The program did provide a key lifeline to businesses. Even without forgiveness, businesses who took the loans got a good deal, with a low 1% interest rate and access to funding at a time when many businesses were in crisis. And most still credit the loans with keeping their business alive, even as they now grapple with repayment.
Lisa Schroeder, the owner of Mother’s Bistro & Bar in downtown Portland, applied for a loan through the Paycheck Protection Program in May 2020, even though her restaurant was closed at the time and she knew she would not spend 60% of the funding on payroll. She had already tried to-go meal service to keep staff working, but said that lost about $20,000 a month.
Without an infusion of money, Schroeder said, there was no way she would have been able to keep up with bills and the rent she owed on two properties – she had taken a risk the year before by moving her restaurant to a larger location in downtown.
She hoped that the Small Business Administration would ultimately ease the requirements for loan forgiveness, but figured a low-interest loan would be better than nothing at a time when her business was simply fighting for survival. She ultimately received two loans through the program totaling $1.4 million.

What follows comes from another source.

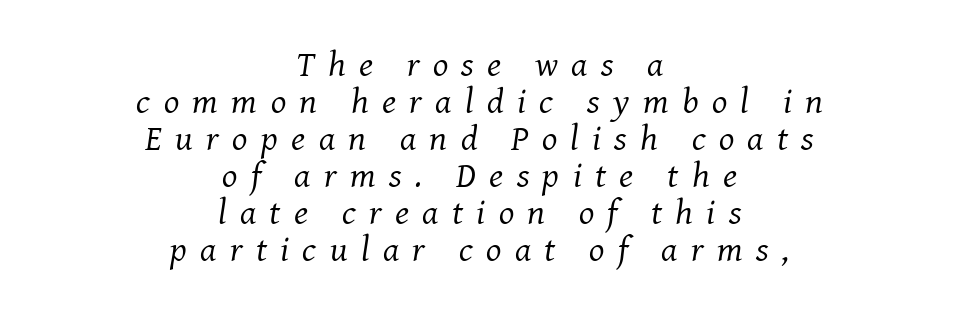
{"serif": "yes", "italic": "yes", "lean": "right", "slant_degrees": 8, "bold": "no", "weight": "regular", "width": "normal", "stroke_contrast": "medium", "x_height": "medium", "monospaced": "no", "underline": "no", "align": "center", "line_spacing": "tight", "line_spacing_ratio": 1.03, "letter_spacing": "wide", "letter_spacing_em": 0.37, "glyph_px": 36}

“I was willing to roll the dice,” Schroeder said. “Either way, I was going to be in debt. I was just hoping for the best.”
Last summer, everything changed for Schroeder when Mother’s received $4.9 million from the Restaurant Revitalization Fund, another federal pandemic aid program. She used some of the money to start repaying her Paycheck Protection Program loan when the first payments came due last year, and the cash gave her the leeway to give her staff raises – even though foot traffic downtown hasn’t recovered and the restaurant is still only open four days a week.

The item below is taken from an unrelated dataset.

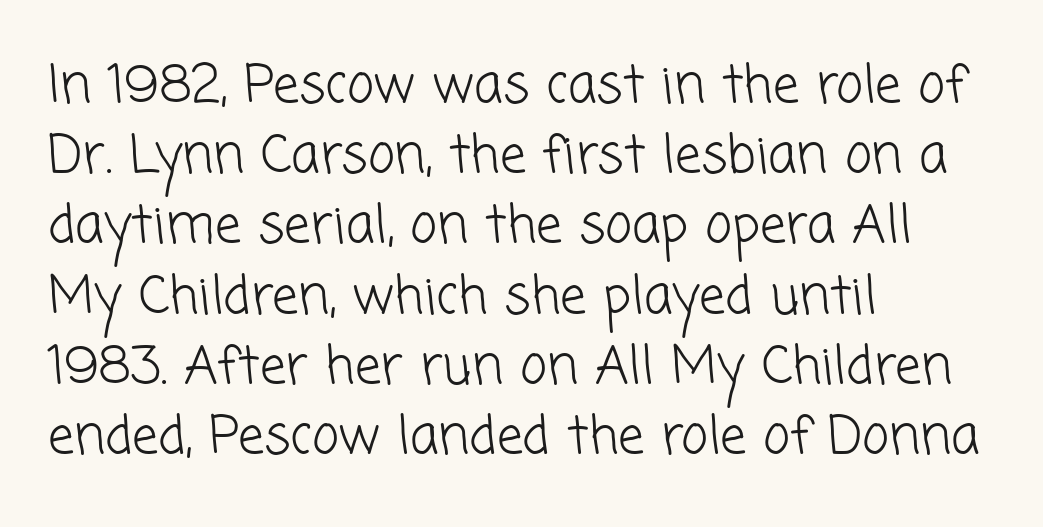
{"serif": "no", "bold": "no", "weight": "light", "width": "normal", "stroke_contrast": "low", "x_height": "medium", "monospaced": "no", "underline": "no", "align": "left", "line_spacing": "normal", "line_spacing_ratio": 1.35, "letter_spacing": "normal", "letter_spacing_em": 0.0, "glyph_px": 52}

More than 2,300 Oregon restaurants received funding through the Restaurant Revitalization Fund, but thousands of others weren’t as lucky because the program quickly ran out of funds.
“The only reason I’m able to breathe is because of the Restaurant Revitalization Fund,” Schroeder said. “It was a godsend.”
As some Oregon businesses begin to repay their Paycheck Protection Program loans, others are still waiting to find out whether theirs will be forgiven.
Carl Balog, the medical director at Portland Pain and Spine in Tigard, received two loans through the Paycheck Protection Program totaling more than $173,000. The money was a lifesaver, he said. The clinic’s revenue dropped by 50% during the first six months of the pandemic after Gov. Kate Brown ordered health care providers to cease all non-emergency procedures. The loan enabled Balog to continue to pay his staff and keep the clinic open to patients in need of immediate medical attention.
He said he applied for forgiveness for his first loan last summer, but his application is still being processed. He said he has called and emailed Kabbage, the online lender that gave him the loan, multiple times looking for an update but hasn’t heard back.
An analysis of 2020 Paycheck Protection Program loans by the Miami Herald recently found that Kabbage had the worst rate of forgiveness of any major lender in the program.
Balog anticipates that his loan will ultimately be forgiven because he followed the requirements set by the Small Business Administration. In the meantime, though, he has been left in a state of uncertainty.
While business has picked up since the early days of the pandemic, Balog said the clinic is still recovering from two years of slashed revenue. Progress the practice made in the interim was set back by having to delay procedures when the delta and omicron variants of COVID-19 caused cases to spike.
Having to repay the federal loans would be another major setback for the business financially.
“I needed those loans as badly as I now need them to be forgiven,” Balog said.